**Work request**:
Your answer must be the full listing below, restated word for word, with no pictures in it.

>>

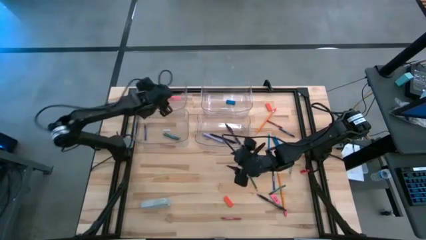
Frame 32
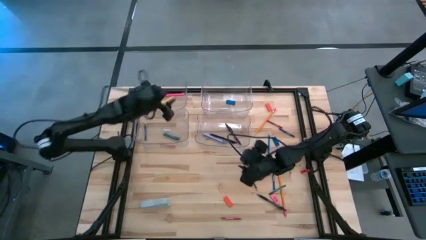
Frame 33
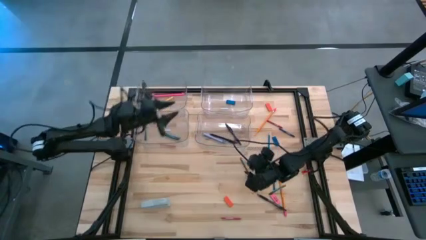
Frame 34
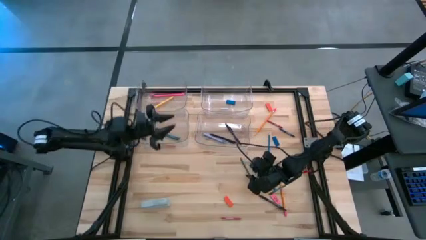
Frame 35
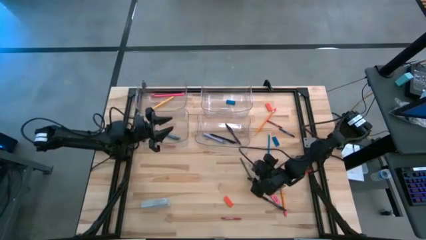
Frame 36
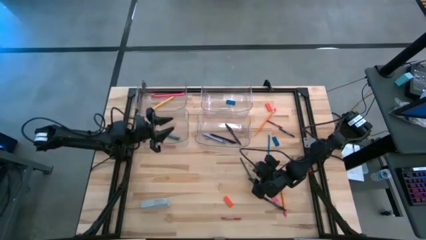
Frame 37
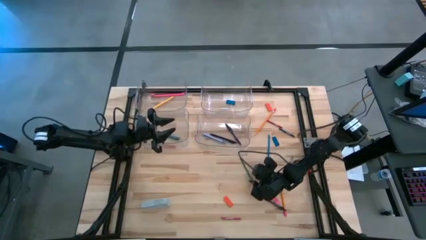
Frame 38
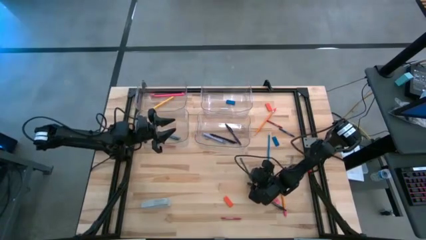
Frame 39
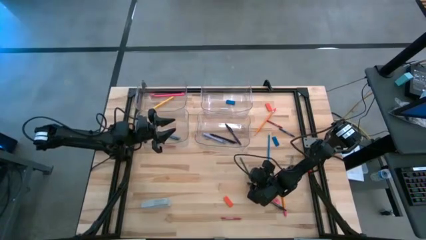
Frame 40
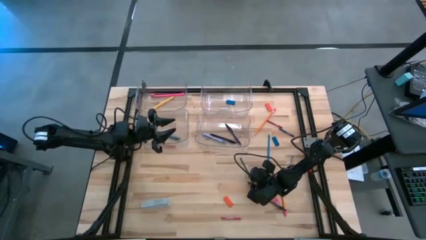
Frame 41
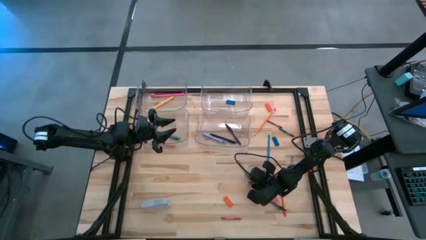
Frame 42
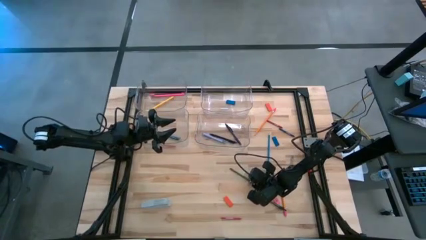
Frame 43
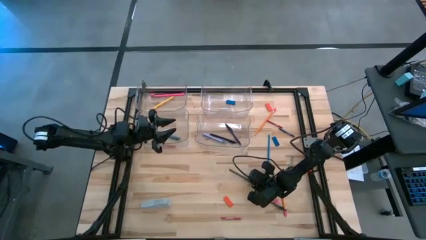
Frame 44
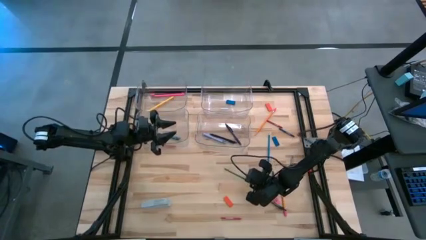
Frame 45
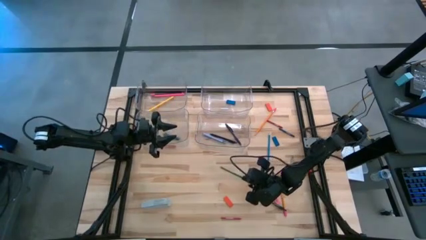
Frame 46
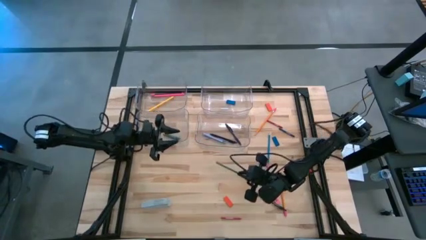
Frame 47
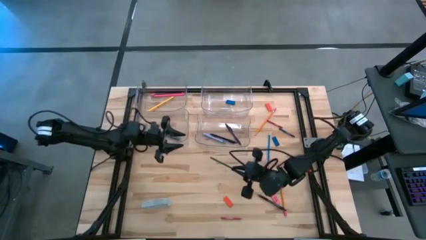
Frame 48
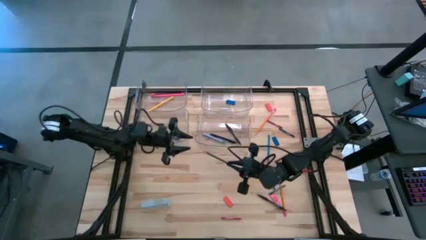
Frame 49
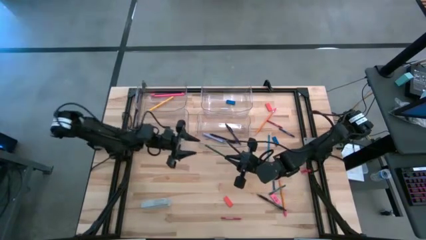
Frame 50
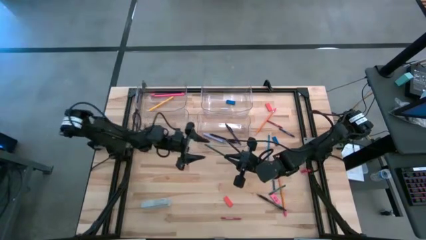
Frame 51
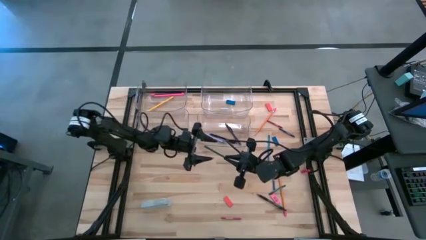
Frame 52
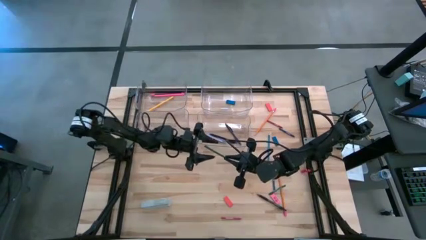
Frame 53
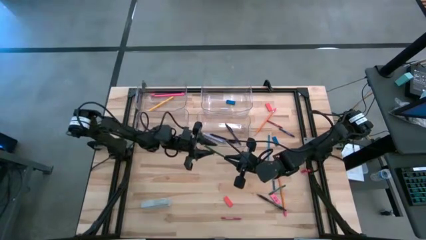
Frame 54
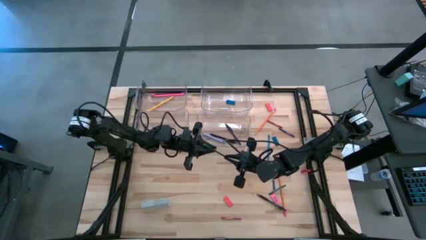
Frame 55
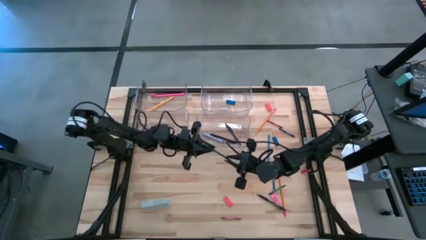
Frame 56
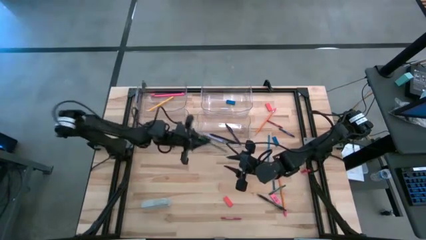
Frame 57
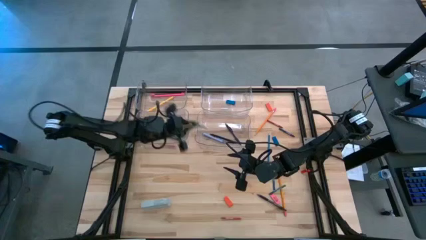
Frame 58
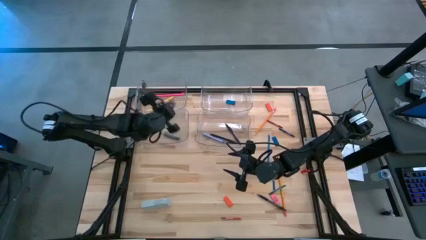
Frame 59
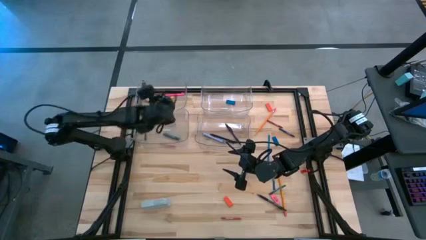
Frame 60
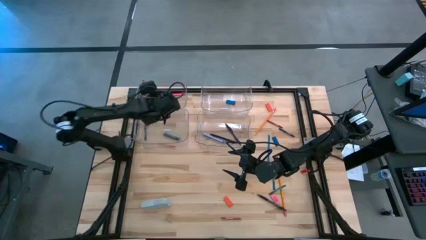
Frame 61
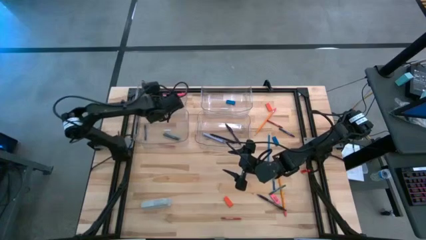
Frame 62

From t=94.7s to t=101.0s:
Put the green pencil into the top left transparent bin

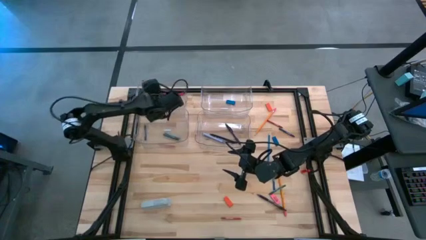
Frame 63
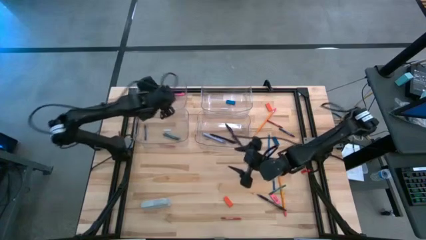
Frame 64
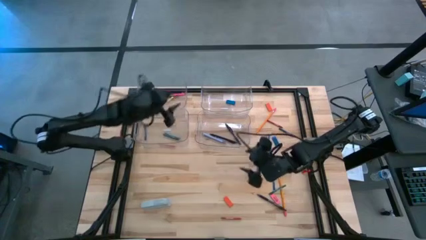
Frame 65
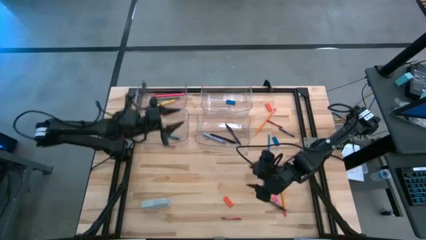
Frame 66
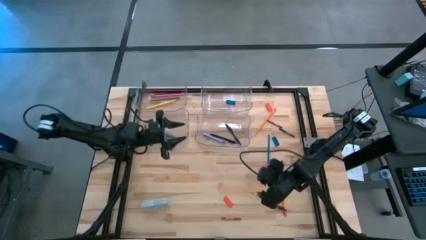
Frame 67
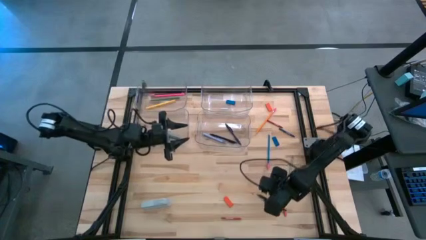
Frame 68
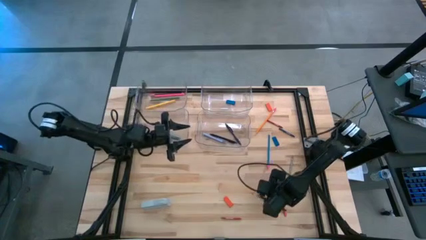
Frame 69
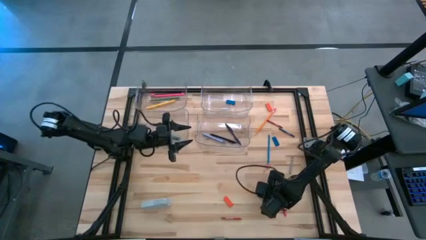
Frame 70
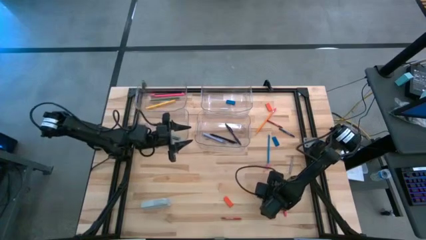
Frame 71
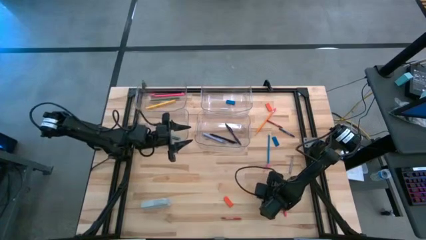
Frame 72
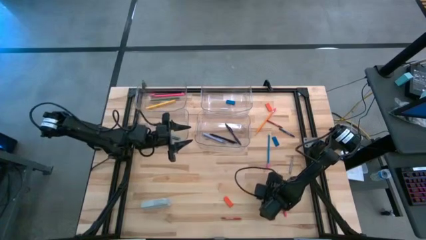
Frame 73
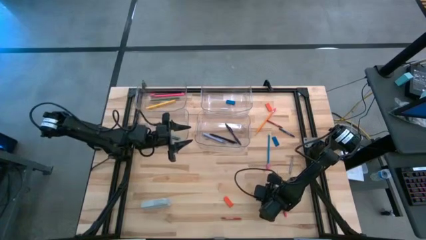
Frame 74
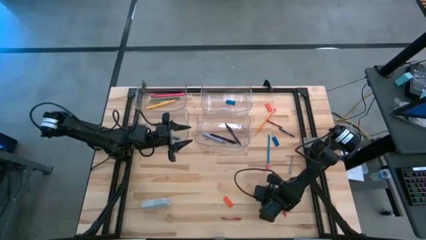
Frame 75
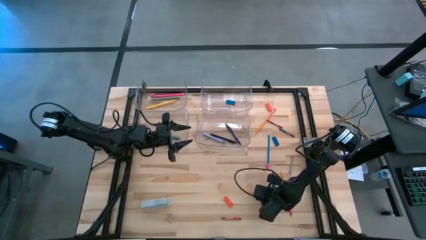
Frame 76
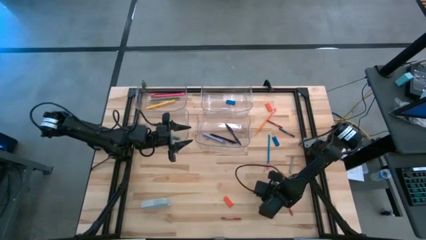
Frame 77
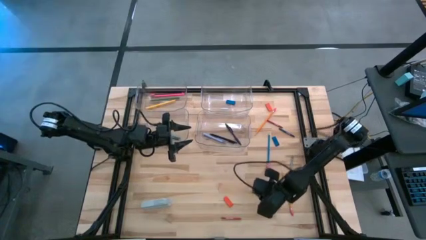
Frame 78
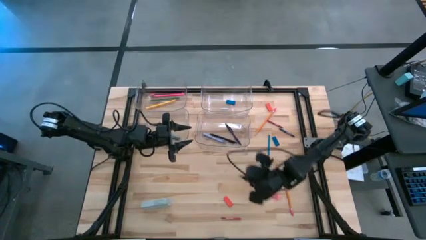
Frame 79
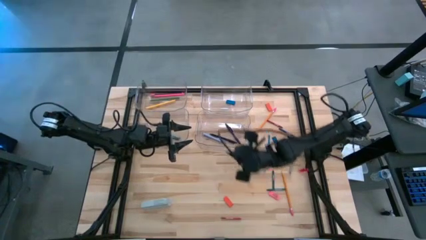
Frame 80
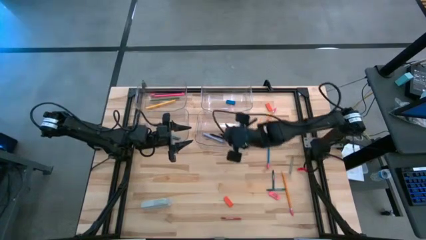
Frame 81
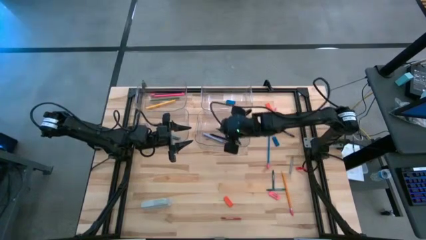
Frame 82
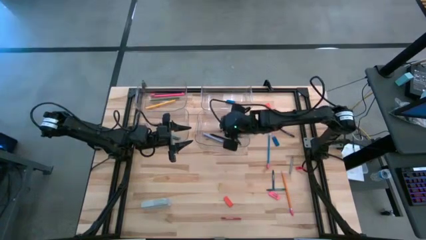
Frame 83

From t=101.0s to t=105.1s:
Put the black pen into the bottom right transparent bin

<<

**Completed exercise**:
Frame 32
Frame 33
Frame 34
Frame 35
Frame 36
Frame 37
Frame 38
Frame 39
Frame 40
Frame 41
Frame 42
Frame 43
Frame 44
Frame 45
Frame 46
Frame 47
Frame 48
Frame 49
Frame 50
Frame 51
Frame 52
Frame 53
Frame 54
Frame 55
Frame 56
Frame 57
Frame 58
Frame 59
Frame 60
Frame 61
Frame 62

From t=94.7s to t=101.0s:
Put the green pencil into the top left transparent bin

Frame 63
Frame 64
Frame 65
Frame 66
Frame 67
Frame 68
Frame 69
Frame 70
Frame 71
Frame 72
Frame 73
Frame 74
Frame 75
Frame 76
Frame 77
Frame 78
Frame 79
Frame 80
Frame 81
Frame 82
Frame 83

From t=101.0s to t=105.1s:
Put the black pen into the bottom right transparent bin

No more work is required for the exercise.